Between 1500 and 1870, European traders transported millions of Africans to the Americas to work as slaves—yet despite the wealth of scholarship on this period, many people remain uninformed about the history of the slave trade and its implications for the modern black experience. Published to accompany a permanent gallery in the Merseyside Maritime Museum, Transatlantic Slavery documents this era through essays on women in slavery, the impact of slavery on West and Central Africa, and the African view of the slave trade. Richly illustrated, it reveals how the slave trade shaped the history of three continents—Africa, the Americas, and Europe—and how all of us continue to live with its consequences.

The Slave Trade

The Slave Trade
Title The Slave Trade PDF eBook
Author Tom Monaghan
Publisher Evans Brothers
Total Pages 81
Release 2008
Genre General Certificate of Secondary Education
ISBN 0237536269

Download The Slave Trade Book in PDF, Epub and Kindle

Examines the questions behind slavery and the slave trade, with a survey from the ancient world to the practice of slavery.

A Short History of Transatlantic Slavery

A Short History of Transatlantic Slavery
Title A Short History of Transatlantic Slavery PDF eBook
Author Kenneth Morgan
Publisher Bloomsbury Publishing
Total Pages 264
Release 2016-04-25
Genre History
ISBN 0857728555

Download A Short History of Transatlantic Slavery Book in PDF, Epub and Kindle

From 1501, when the first slaves arrived in Hispaniola, until the nineteenth century, some twelve million people were abducted from west Africa and shipped across thousands of miles of ocean - the infamous Middle Passage - to work in the colonies of the New World.

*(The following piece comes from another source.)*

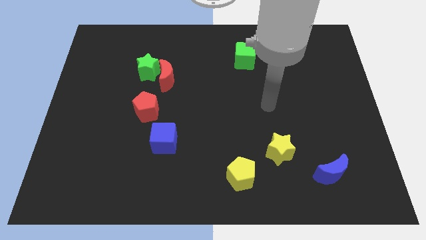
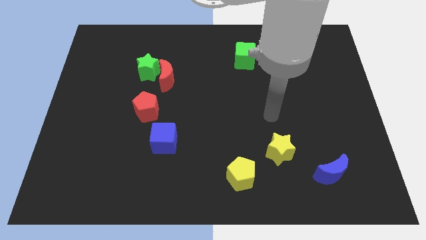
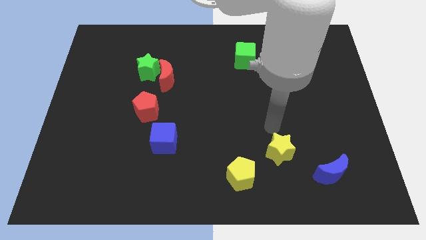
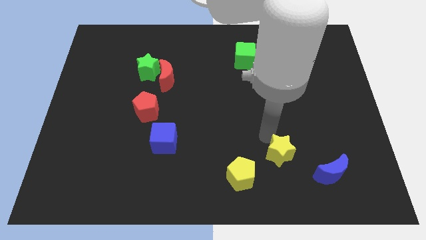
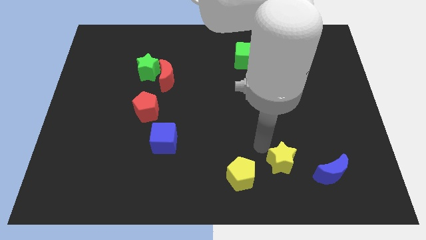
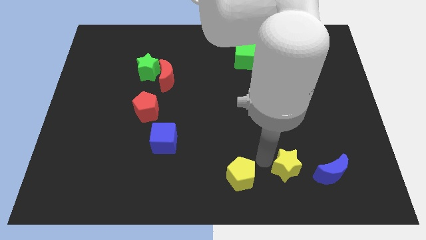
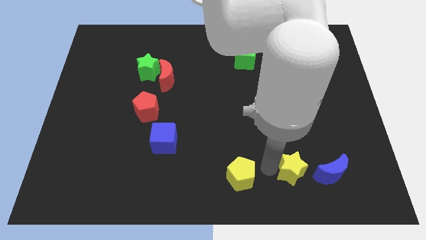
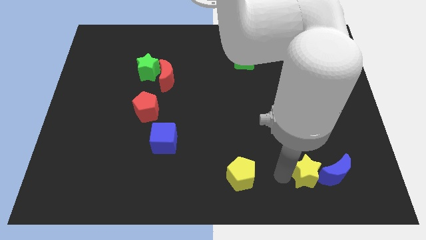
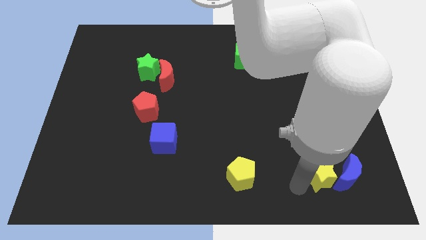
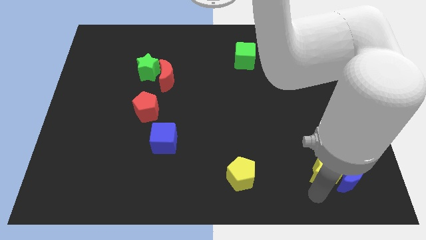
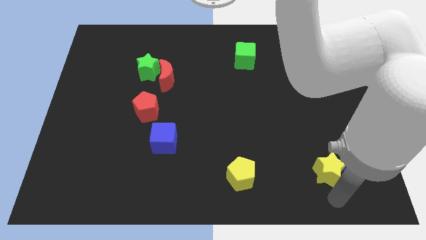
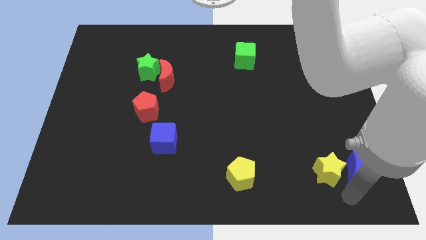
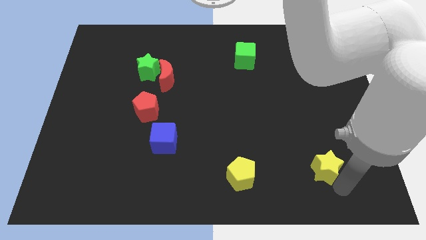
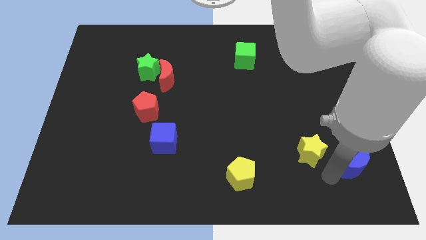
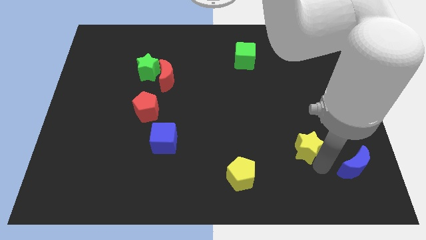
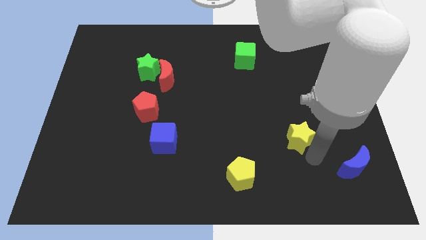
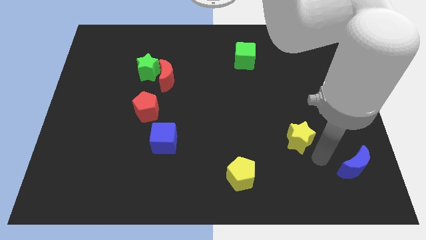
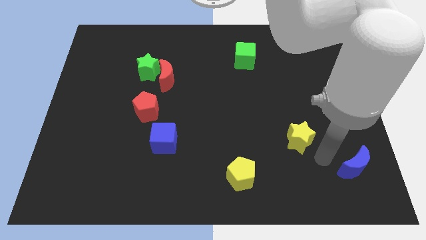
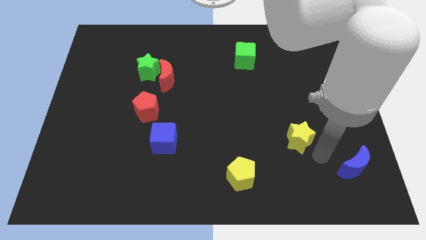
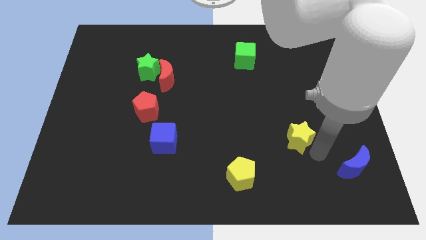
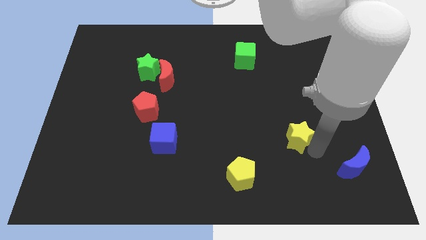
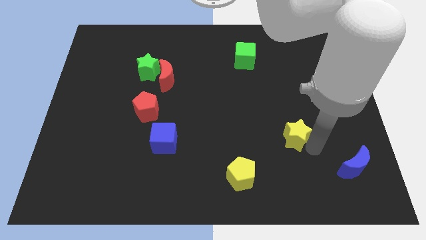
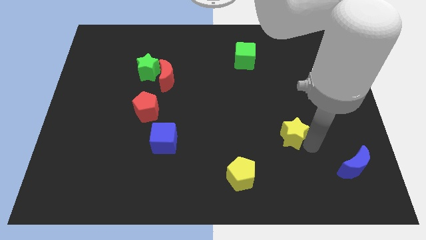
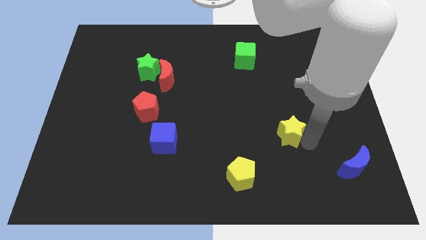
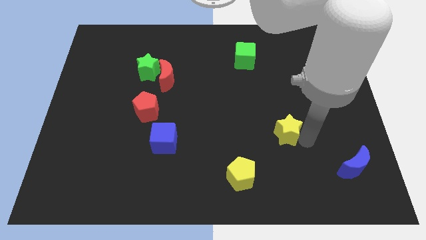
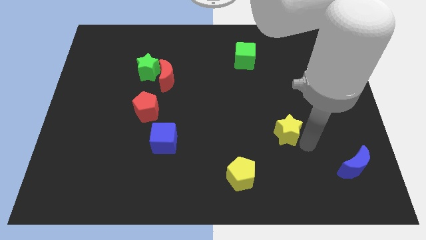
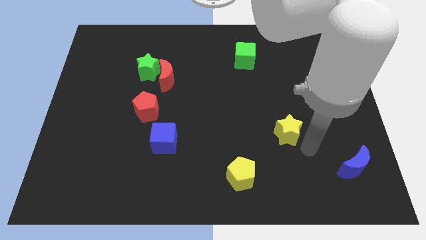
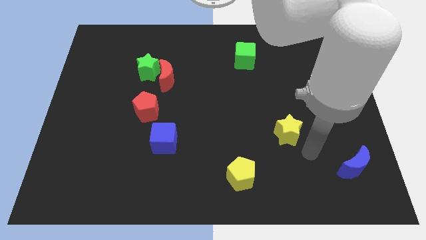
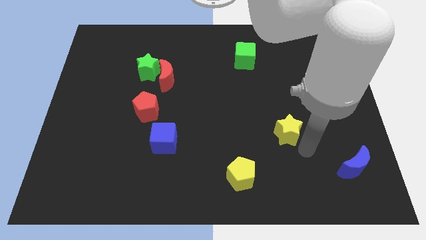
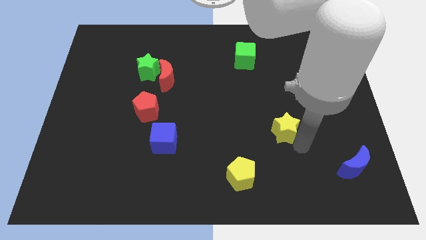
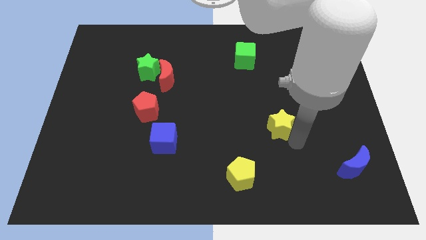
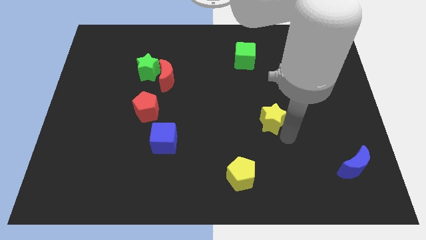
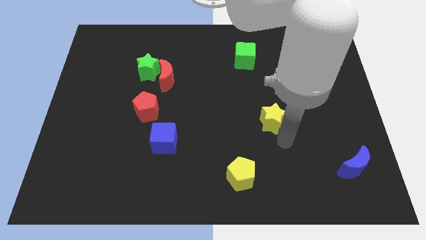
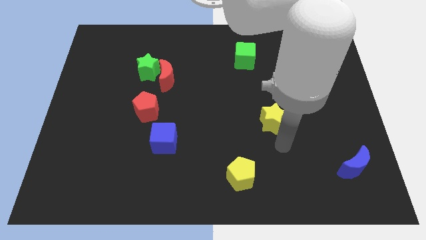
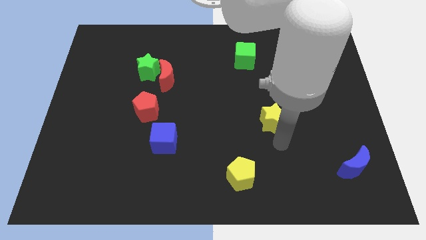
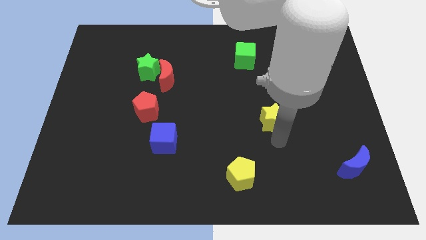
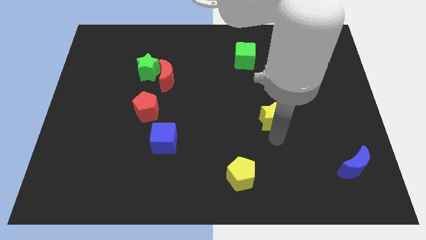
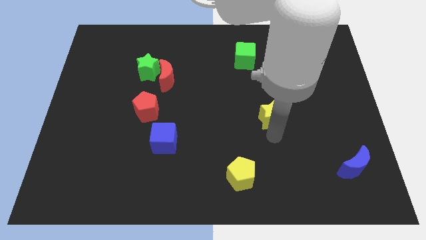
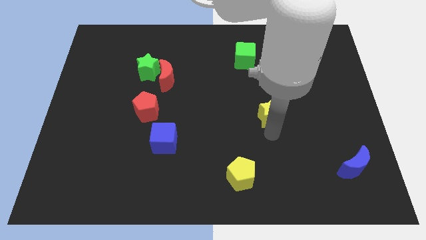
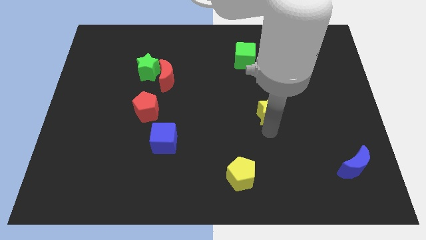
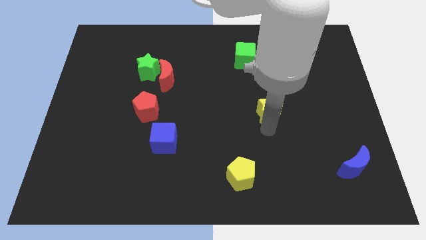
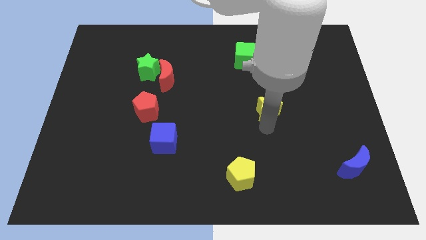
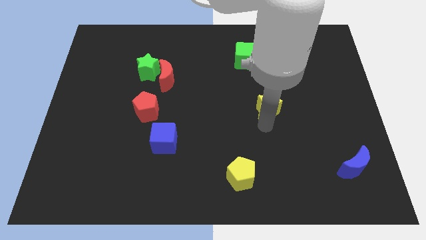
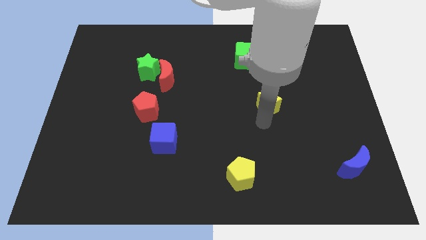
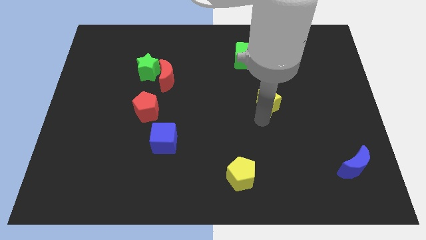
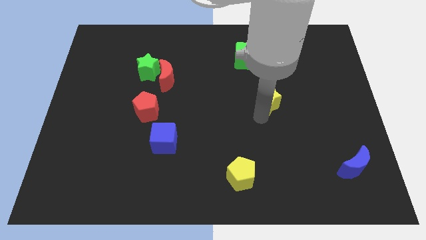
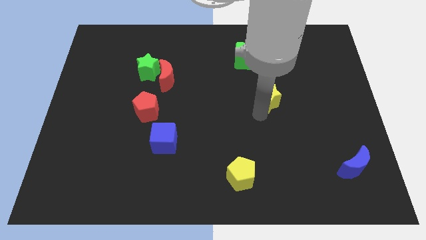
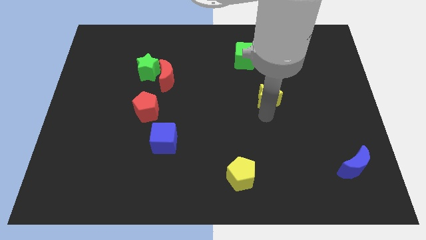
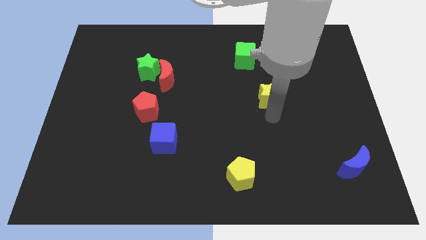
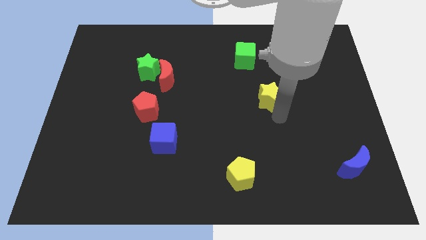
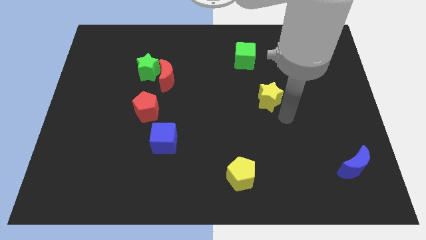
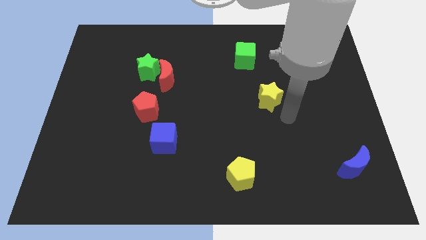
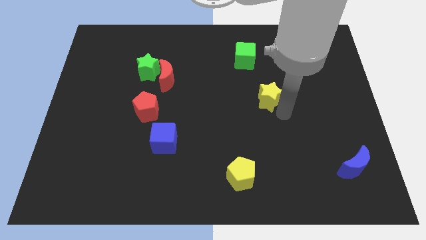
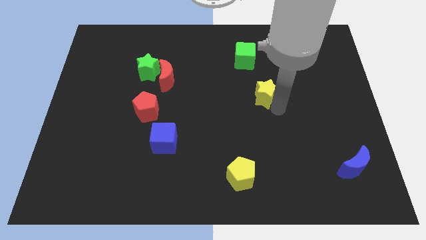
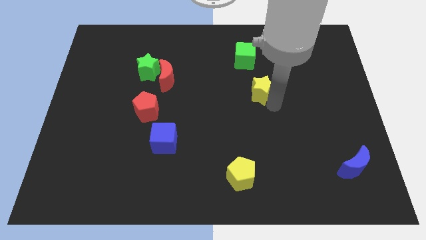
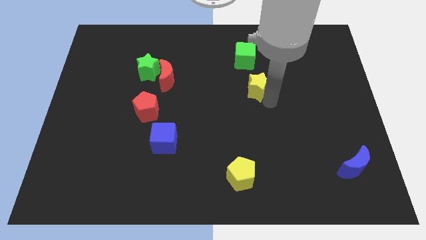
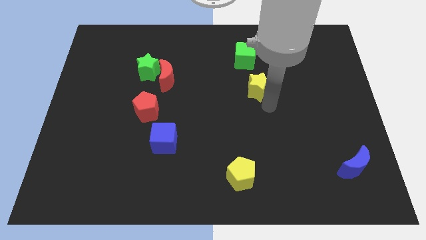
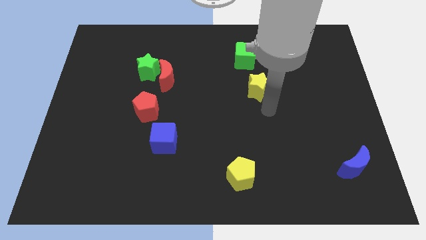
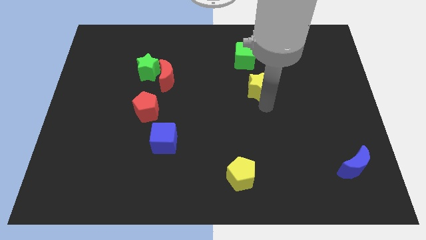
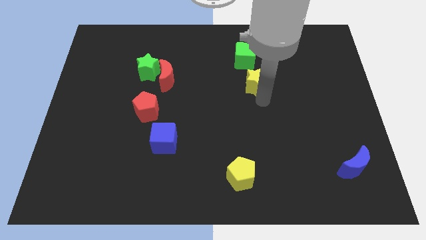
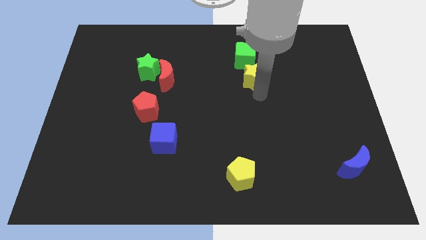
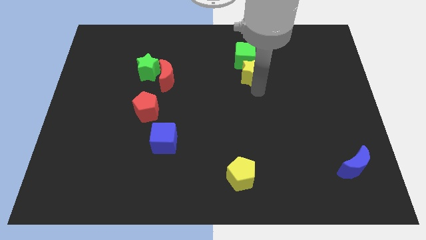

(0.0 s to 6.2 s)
move the yellow star towards the green cube

Perhaps two million Africans died at sea. Why was slavery so widely condoned, during most of this period, by leading lawyers, religious leaders, politicians and philosophers? How was it that the educated classes of the western world were prepared for so long to accept and promote an institution that would later ages be condemned as barbaric? Exploring these and other questions - and the slave experience on the sugar, rice, coffee and cotton plantations - Kenneth Morgan discusses the rise of a distinctively Creole culture; slave revolts, including the successful revolution in Haiti (1791-1804); and the rise of abolitionism, when the ideas of Montesquieu, Wilberforce, Quakers and others led to the slave trade's systemic demise. At a time when the menace of human trafficking is of increasing concern worldwide, this timely book reflects on the deeper motivations of slavery as both ideology and merchant institution.